At John H. Kim, DDS in Irvine, we focus on personalized care for TMJ and orofacial pain. That means we do not recommend treatment based on hype or trend. We evaluate your joint, your symptoms, your function, and your diagnosis first. Then we decide whether regenerative treatment belongs in your care plan and whether it should be combined with other treatment such as orthotic therapy.

What Is the Difference Between PRP and PRF?
PRP stands for platelet-rich plasma. PRF stands for platelet-rich fibrin. Both are made from your own blood and both are intended to concentrate healing components from that blood for treatment use.
The practical difference is that PRP uses an anticoagulant during preparation, while PRF does not. In the clinical material we use for this topic, that difference matters because clot formation and the fibrin matrix are part of the healing cascade. PRF was developed to allow preparation without the anticoagulant by using shorter spin times.
That is why PRP and PRF are not simply two names for the same thing. They are related, but they behave differently.
Why We Tend to Favor PRF
A helpful way to understand the comparison is this: PRP tends to act faster, while PRF tends to last longer. In the transcript source, PRP is described as more like the hare, with patients often feeling better quickly but with effects that taper sooner. PRF is described more like the tortoise, with improvement that builds over time and is more long-lasting because of its higher-density fibrin network.
That does not mean PRP has no value. It means PRF may be the better fit when the goal is more sustained support for healing in the TMJ region.
Our service materials also reflect that treatment emphasis. The practice specifically offers regenerative medicine with platelet-rich fibrin therapy to help provide optimal conditions to reduce pain, improve function, regenerate, and heal.
If you want to learn more about how regenerative care fits into broader TMJ treatment, see our regenerative TMJ therapy page and our PRF for TMJ page.
Not in a simplistic, one-size-fits-all sense.
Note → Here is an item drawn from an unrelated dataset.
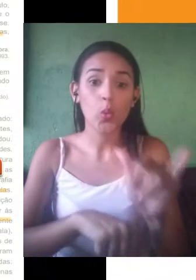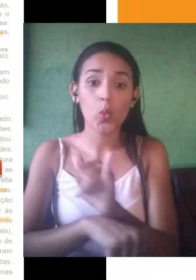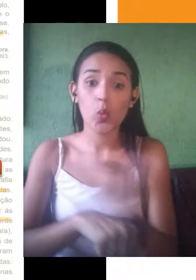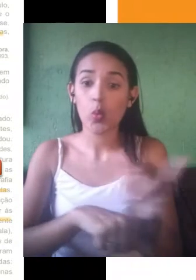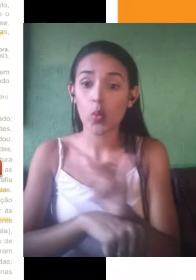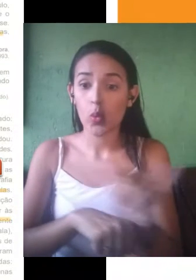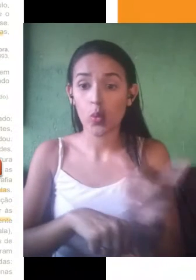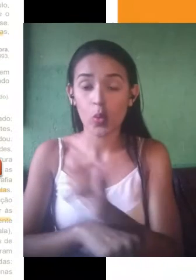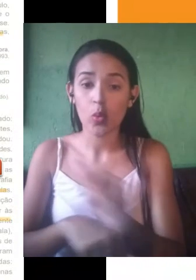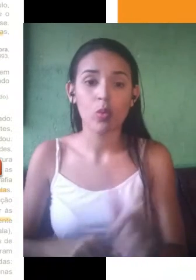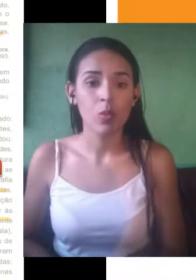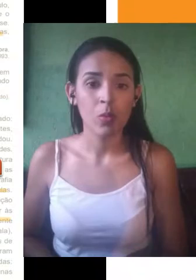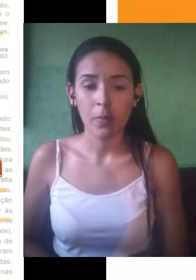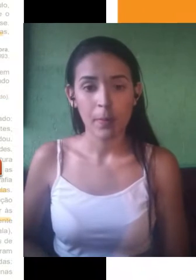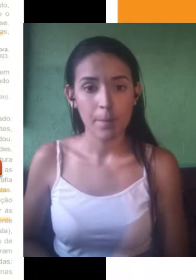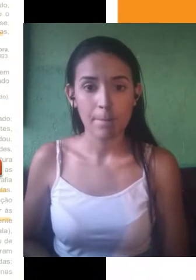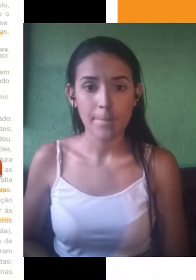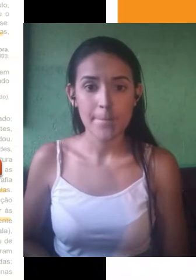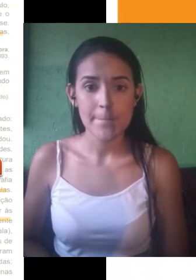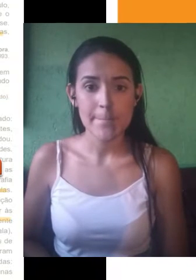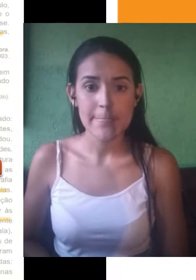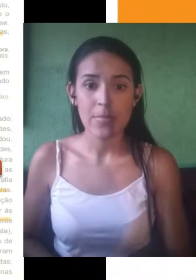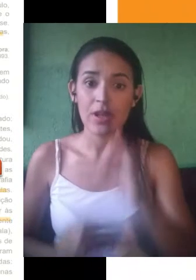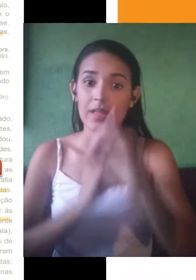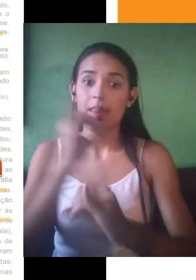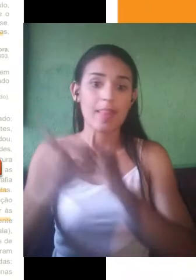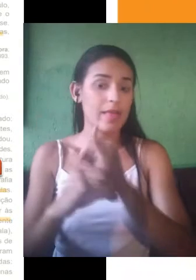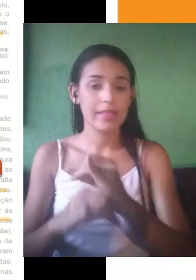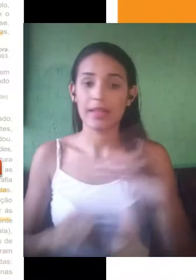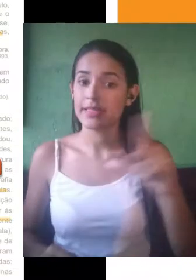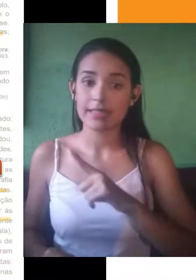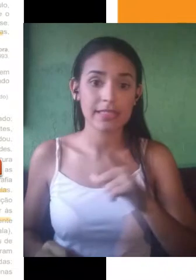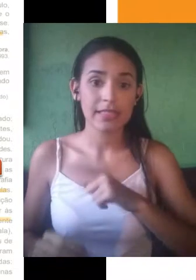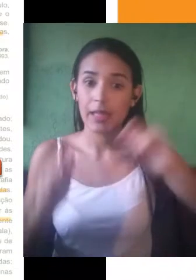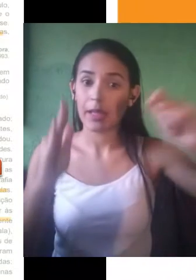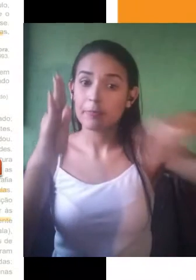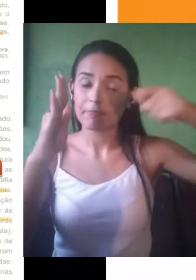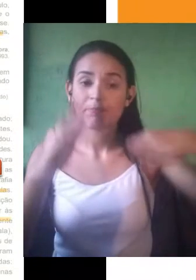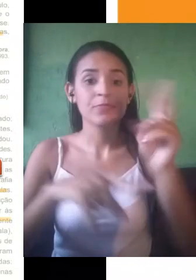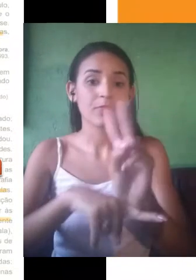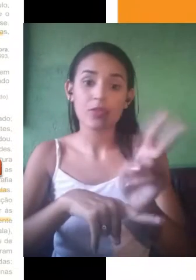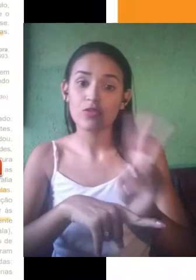divulgam filmes gratuitamente, que permitem que as pessoas baixem filmes

The better question is whether PRF is the better option for your diagnosis, your tissue condition, and your treatment goals.

Is PRF Always “Better” Than PRP?
What the source material supports is this: PRP can create a quicker response, while PRF may offer a slower and more durable response because of the fibrin matrix. It also supports that the practice now uses PRF in place of older regenerative options such as prolotherapy and in place of alternatives like hyaluronic acid in cases where regenerative treatment is being chosen.
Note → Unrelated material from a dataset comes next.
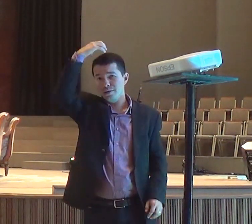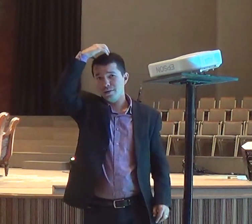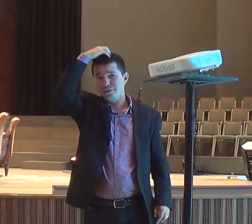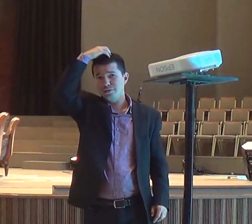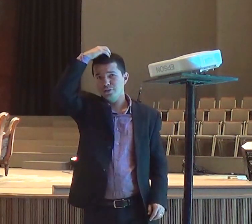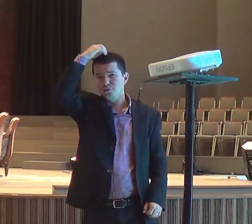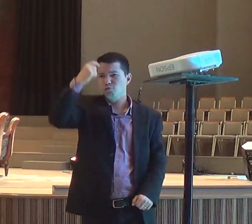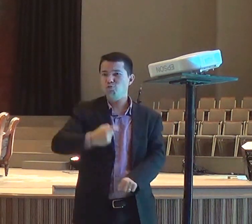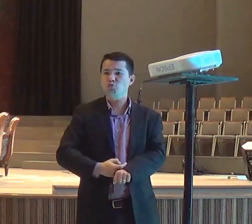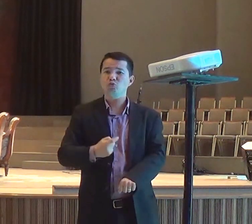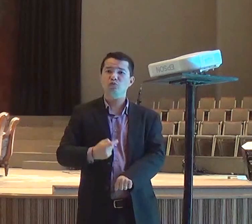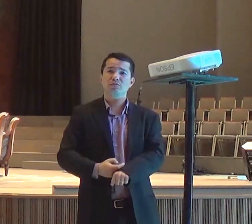converteu,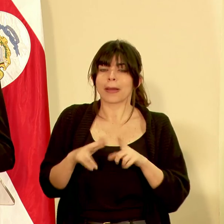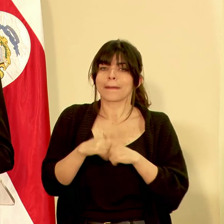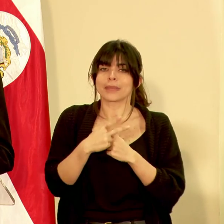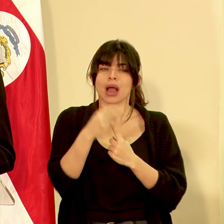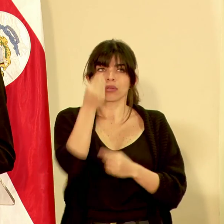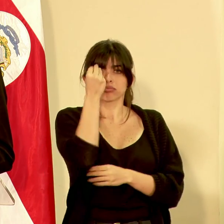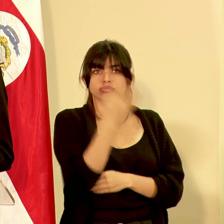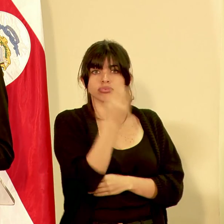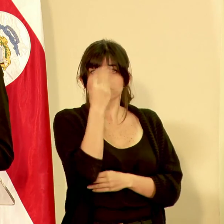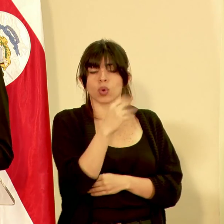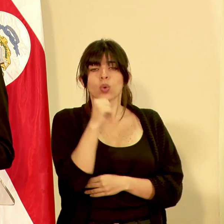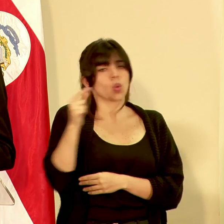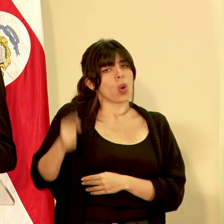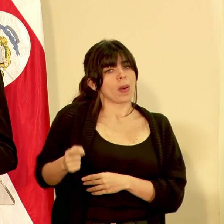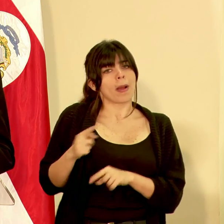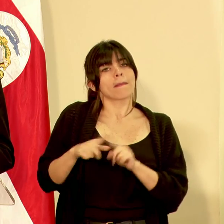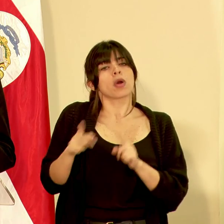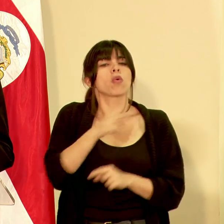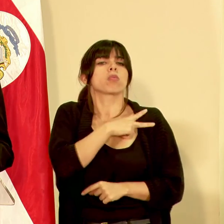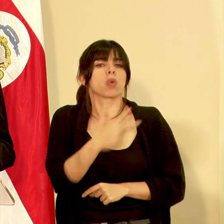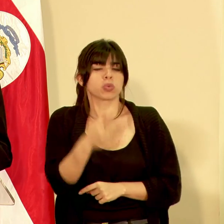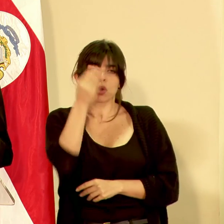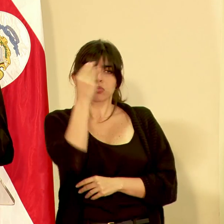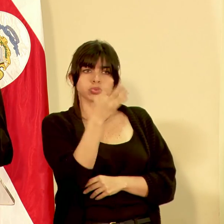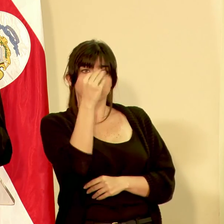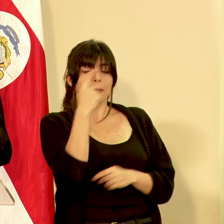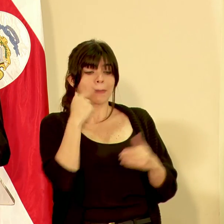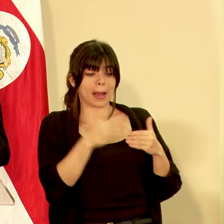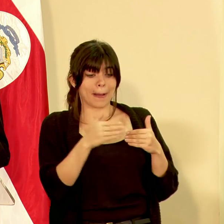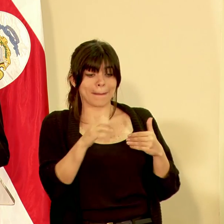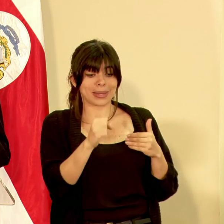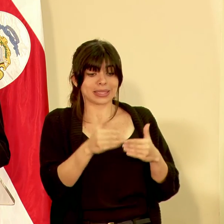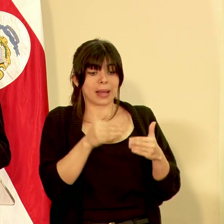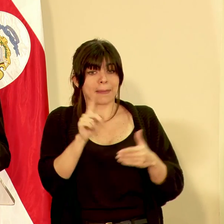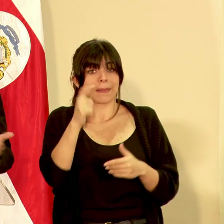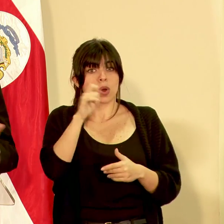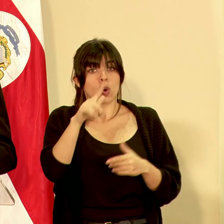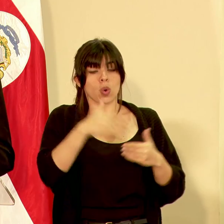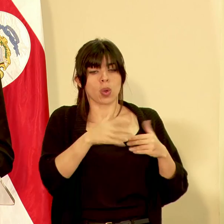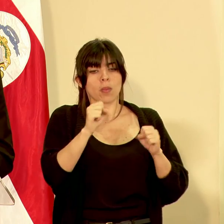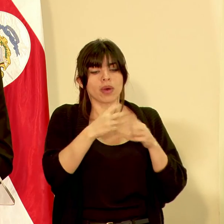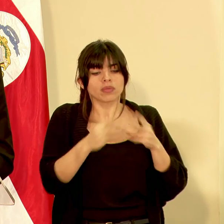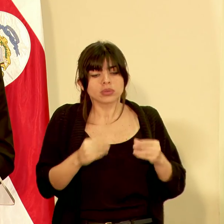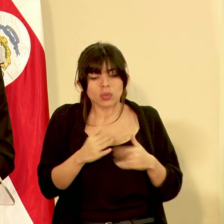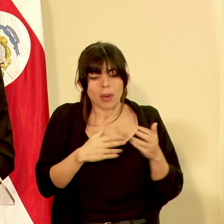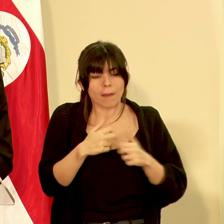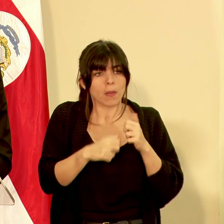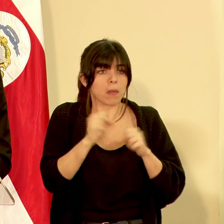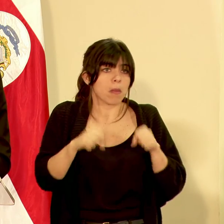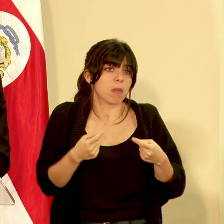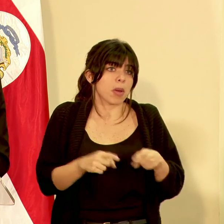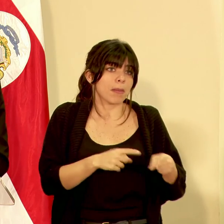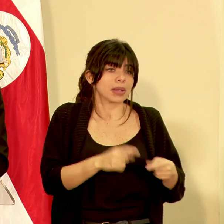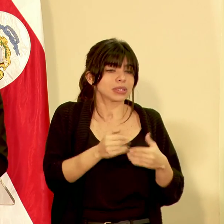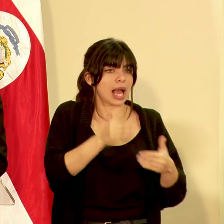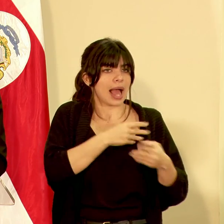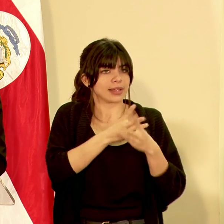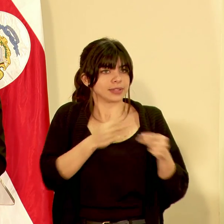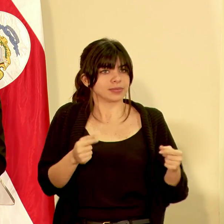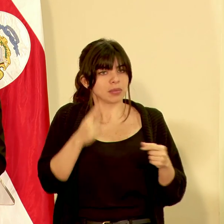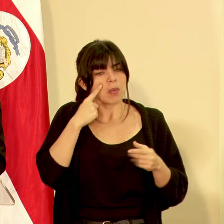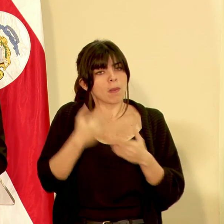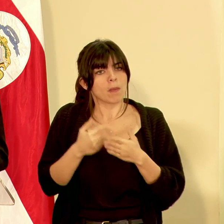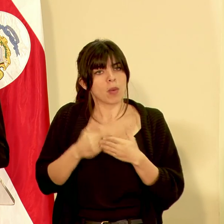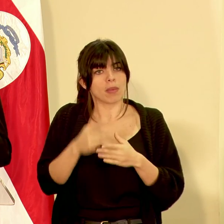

So when patients ask which one is better, the answer in our office is usually framed around why we use PRF and where it may fit best, not around making blanket promises. We start with the diagnosis first.
When Regenerative TMJ Treatment May Be Considered
Regenerative treatment is not the first answer for every patient with jaw pain. TMJ symptoms can come from different problems, including joint irritation, muscle tension, sprain or strain patterns, clenching, bite instability, and other contributing issues. That is why Dr. Kim begins with a detailed history, clinical examination, and, when indicated, advanced imaging and digital records.
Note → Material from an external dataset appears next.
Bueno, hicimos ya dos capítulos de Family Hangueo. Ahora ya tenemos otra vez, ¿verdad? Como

The transcript material describes regenerative injection use in situations involving sprain or strain of ligaments, tendons, muscles, and efforts to support loose TMJ ligaments or chronic strain at muscular attachments.
In other words, the right candidate is not “someone who has TMJ.” The right candidate is someone whose exam and diagnosis suggest that regenerative support could be useful as part of a carefully built treatment plan.
If you are still trying to understand what is causing your symptoms, start with our TMJ diagnostics and evaluation page or our TMJ consultation page.
PRF Is Often Part of a Bigger Plan
One of the most important things patients miss is that TMJ treatment usually works best when it is individualized. Some patients need orthotic therapy. Some need guided jaw exercises. Some may benefit from trigger point injections, behavioral guidance, or other conservative care. Some may be candidates for PRF.
That is why we do not treat PRF as a stand-alone sales item. We treat it as one possible tool within a specialty TMJ practice focused on jaw pain, orofacial pain, and function.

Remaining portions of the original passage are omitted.